═════ Records for processing

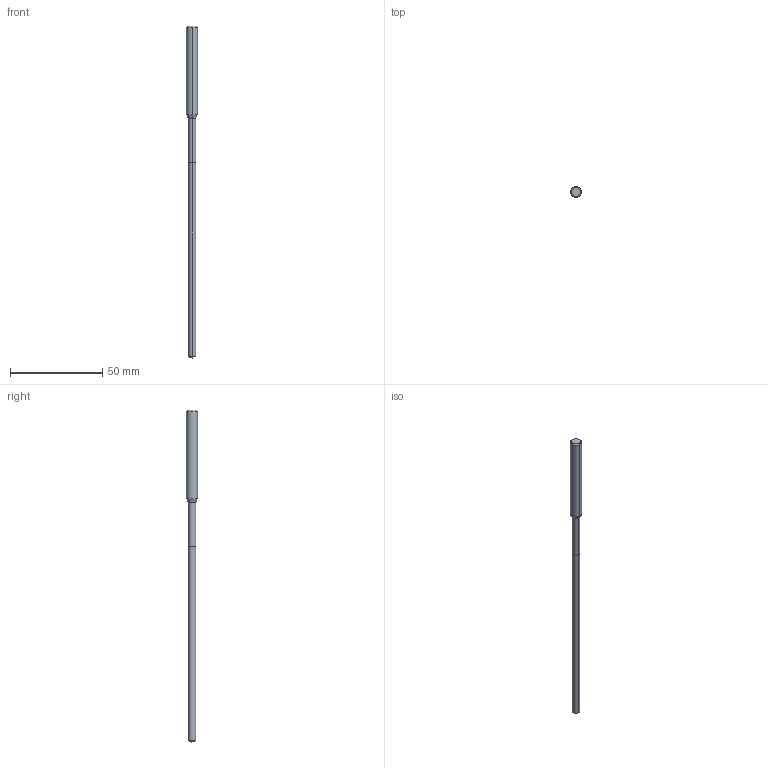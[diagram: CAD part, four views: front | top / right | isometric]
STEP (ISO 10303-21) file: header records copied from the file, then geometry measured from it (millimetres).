
FILE_DESCRIPTION(/* description */ (''),/* implementation_level */ '2;1');
FILE_NAME(/* name */ 'MVS0420X25S060.stp',/* time_stamp */ '2023-03-08T09:05:58+09:00',/* author */ (''),/* organization */ (''),/* preprocessor_version */ 'ST-DEVELOPER v16',/* originating_system */ 'SIEMENS PLM Software NX 10.0',/* authorisation */ '');
FILE_SCHEMA (('AUTOMOTIVE_DESIGN { 1 0 10303 214 3 1 1 1 }'));
Length unit declared in the file: millimetre
Products named in the file (1): MVS0420X25S060_ASM
Bounding box: 6 x 6 x 179.76 mm (x, y, z)
Volume: 3187 mm3; surface area: 2706.1 mm2
Topology: 2 solids, 2 shells, 15 faces, 32 edges, 24 vertices
Faces by surface type: cylinder 6, cone 6, plane 3
Entity records: 518 total; most frequent: DIRECTION 96, CARTESIAN_POINT 72, ORIENTED_EDGE 52, AXIS2_PLACEMENT_3D 40, EDGE_CURVE 26, STYLED_ITEM 17, PRESENTATION_STYLE_ASSIGNMENT 17, LINE 16

══════════

| How to complete this task |
From the first line to the last, repeat the entries exactly and leave out the pictures.

| Written response |
[diagram: CAD part, four views: front | top / right | isometric]
STEP (ISO 10303-21) file: header records copied from the file, then geometry measured from it (millimetres).
FILE_DESCRIPTION(/* description */ (''),/* implementation_level */ '2;1');
FILE_NAME(/* name */ 'MVS0420X25S060.stp',/* time_stamp */ '2023-03-08T09:05:58+09:00',/* author */ (''),/* organization */ (''),/* preprocessor_version */ 'ST-DEVELOPER v16',/* originating_system */ 'SIEMENS PLM Software NX 10.0',/* authorisation */ '');
FILE_SCHEMA (('AUTOMOTIVE_DESIGN { 1 0 10303 214 3 1 1 1 }'));
Length unit declared in the file: millimetre
Products named in the file (1): MVS0420X25S060_ASM
Bounding box: 6 x 6 x 179.76 mm (x, y, z)
Volume: 3187 mm3; surface area: 2706.1 mm2
Topology: 2 solids, 2 shells, 15 faces, 32 edges, 24 vertices
Faces by surface type: cylinder 6, cone 6, plane 3
Entity records: 518 total; most frequent: DIRECTION 96, CARTESIAN_POINT 72, ORIENTED_EDGE 52, AXIS2_PLACEMENT_3D 40, EDGE_CURVE 26, STYLED_ITEM 17, PRESENTATION_STYLE_ASSIGNMENT 17, LINE 16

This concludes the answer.